Although Munatsi did not say when the group intends to sell its shares in PG, Legat says many business models in Zimbabwe do not work.
He says there is “little or no synergy between subsidiaries of a company”.
Legat explains: “Operationally, doing business has become considerably easier under dollarisation… (this) implies that good management will quickly spot any inefficiencies in their business models and take appropriate action. “Many business models in Zimbabwe simply do not work in the new dollarised and competitive environment, but managed to get by in a less competitive and inflationary environment. Such companies could well be those whose models were built on import-substitution products.”
Legat believes businesses like these will be closed, sold or remodelled.
“Often there may be little synergy or correlation between each business, largely because group structure was a product of history, driven by former mergers or economic imperatives,” says Legat.
In companies where there is “little or no synergy” between the subsidiaries of a company, Legat hopes it would make more sense to unbundle.
This he says, plays out well for major shareholders willing to remain invested in both businesses while allowing management of a holding company to focus on the core business of the group.
“It further allows management of the spun-off division to act independently.”

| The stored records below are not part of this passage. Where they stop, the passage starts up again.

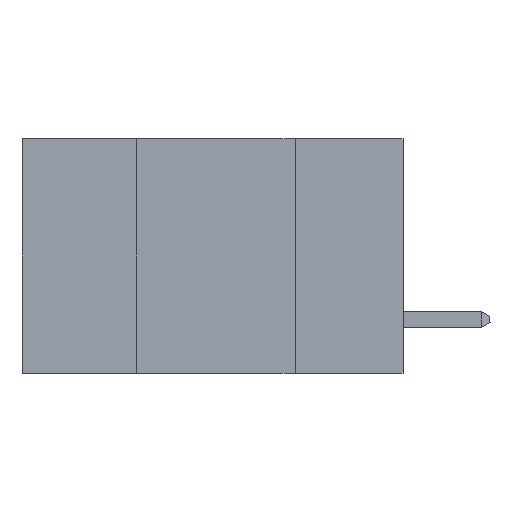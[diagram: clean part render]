
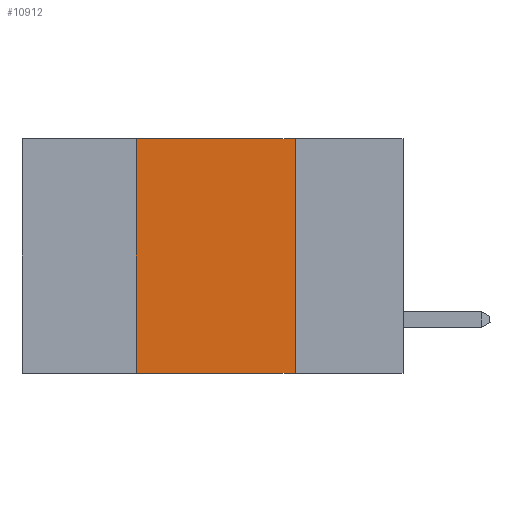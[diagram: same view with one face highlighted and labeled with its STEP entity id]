
A CAD part, left-side view. The second image highlights one B-rep face of the part: STEP entity #10912.
In plain terms, the highlighted planar face has unit normal (-1, 0, 0).
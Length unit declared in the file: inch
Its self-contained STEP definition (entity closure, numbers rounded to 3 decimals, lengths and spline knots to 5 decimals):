
#620 = CARTESIAN_POINT ( 'NONE',  ( 0., 0.42, -0.37 ) ) ;
#695 = CARTESIAN_POINT ( 'NONE',  ( 0., 0.17, -0.37 ) ) ;
#883 = EDGE_CURVE ( 'NONE', #5985, #2133, #9707, .T. ) ;
#2020 = DIRECTION ( 'NONE',  ( 0., -1., 0. ) ) ;
#2133 = VERTEX_POINT ( 'NONE', #13515 ) ;
#3347 = EDGE_CURVE ( 'NONE', #2133, #4333, #12903, .T. ) ;
#3359 = LINE ( 'NONE', #5701, #11715 ) ;
#3505 = AXIS2_PLACEMENT_3D ( 'NONE', #5094, #12017, #6243 ) ;
#3827 = FACE_OUTER_BOUND ( 'NONE', #9132, .T. ) ;
#4016 = DIRECTION ( 'NONE',  ( 0., 0., -1. ) ) ;
#4333 = VERTEX_POINT ( 'NONE', #695 ) ;
#4575 = DIRECTION ( 'NONE',  ( 0., 0., 1. ) ) ;
#4652 = VECTOR ( 'NONE', #5508, 39.37008 ) ;
#4961 = ORIENTED_EDGE ( 'NONE', *, *, #13036, .F. ) ;
#5094 = CARTESIAN_POINT ( 'NONE',  ( 0., 0.6, 0. ) ) ;
#5508 = DIRECTION ( 'NONE',  ( 0., -1., 0. ) ) ;
#5701 = CARTESIAN_POINT ( 'NONE',  ( 0., 0.42, 0. ) ) ;
#5985 = VERTEX_POINT ( 'NONE', #14131 ) ;
#6173 = EDGE_CURVE ( 'NONE', #12645, #4333, #14643, .T. ) ;
#6243 = DIRECTION ( 'NONE',  ( 0., 0., -1. ) ) ;
#6382 = CARTESIAN_POINT ( 'NONE',  ( 0., 0.6, -0.37 ) ) ;
#7352 = ORIENTED_EDGE ( 'NONE', *, *, #3347, .F. ) ;
#7718 = VECTOR ( 'NONE', #2020, 39.37008 ) ;
#8837 = CARTESIAN_POINT ( 'NONE',  ( 0., 0.17, 0. ) ) ;
#9132 = EDGE_LOOP ( 'NONE', ( #7352, #14524, #4961, #14204 ) ) ;
#9646 = PLANE ( 'NONE',  #3505 ) ;
#9707 = LINE ( 'NONE', #10150, #7718 ) ;
#10150 = CARTESIAN_POINT ( 'NONE',  ( 0., 0.6, 0. ) ) ;
#10912 = ADVANCED_FACE ( 'NONE', ( #3827 ), #9646, .F. ) ;
#11715 = VECTOR ( 'NONE', #4575, 39.37008 ) ;
#12001 = VECTOR ( 'NONE', #4016, 39.37008 ) ;
#12017 = DIRECTION ( 'NONE',  ( 1., 0., 0. ) ) ;
#12645 = VERTEX_POINT ( 'NONE', #620 ) ;
#12903 = LINE ( 'NONE', #8837, #12001 ) ;
#13036 = EDGE_CURVE ( 'NONE', #12645, #5985, #3359, .T. ) ;
#13515 = CARTESIAN_POINT ( 'NONE',  ( 0., 0.17, 0. ) ) ;
#14131 = CARTESIAN_POINT ( 'NONE',  ( 0., 0.42, 0. ) ) ;
#14204 = ORIENTED_EDGE ( 'NONE', *, *, #6173, .T. ) ;
#14524 = ORIENTED_EDGE ( 'NONE', *, *, #883, .F. ) ;
#14643 = LINE ( 'NONE', #6382, #4652 ) ;

Internationally, the unbundling by US cigarette and food group Altria of first Kraft in 2007) and then Philip Morris International (in 2008) had demonstrated the advantages of the approach, Imara noted.
This will not be a new business move for local businesses.
Starafrica spun off Red Star and listed it separately on ZSE. Others like African Sun and AFRe spun off Dawn Properties and Pearl Properties respectively.
ZimRe Holdings also spun off its property division and listed a few years back.
Legat said “In Zimbabwe, exchange controls and lack of foreign exchange were such imperatives.”
He feels there is need for companies to undertake restructurings given the need for capital and skills. He also says Zimbabwe still has many opportunities for group companies to unbundle a division (or divisions) that has little synergy with the core business of the group.
One way would be to issue the shares in that division to the shareholders of the main group in the form of a dividend in specie. That division could then be separately listed on the stock exchange. The original shareholders can then decide whether they wish to retain or dispose of the division…Such a strategy more often than not increases overall shareholder value, especially if it is done in a tax-efficient manner.”
And Zimbabwe is just an ideal place for group companies to unbundle a division or divisions that have little synergy with the core business of the group, says Legat. But an unbundling proposal might be met with resistance by shareholders not willing to be diluted.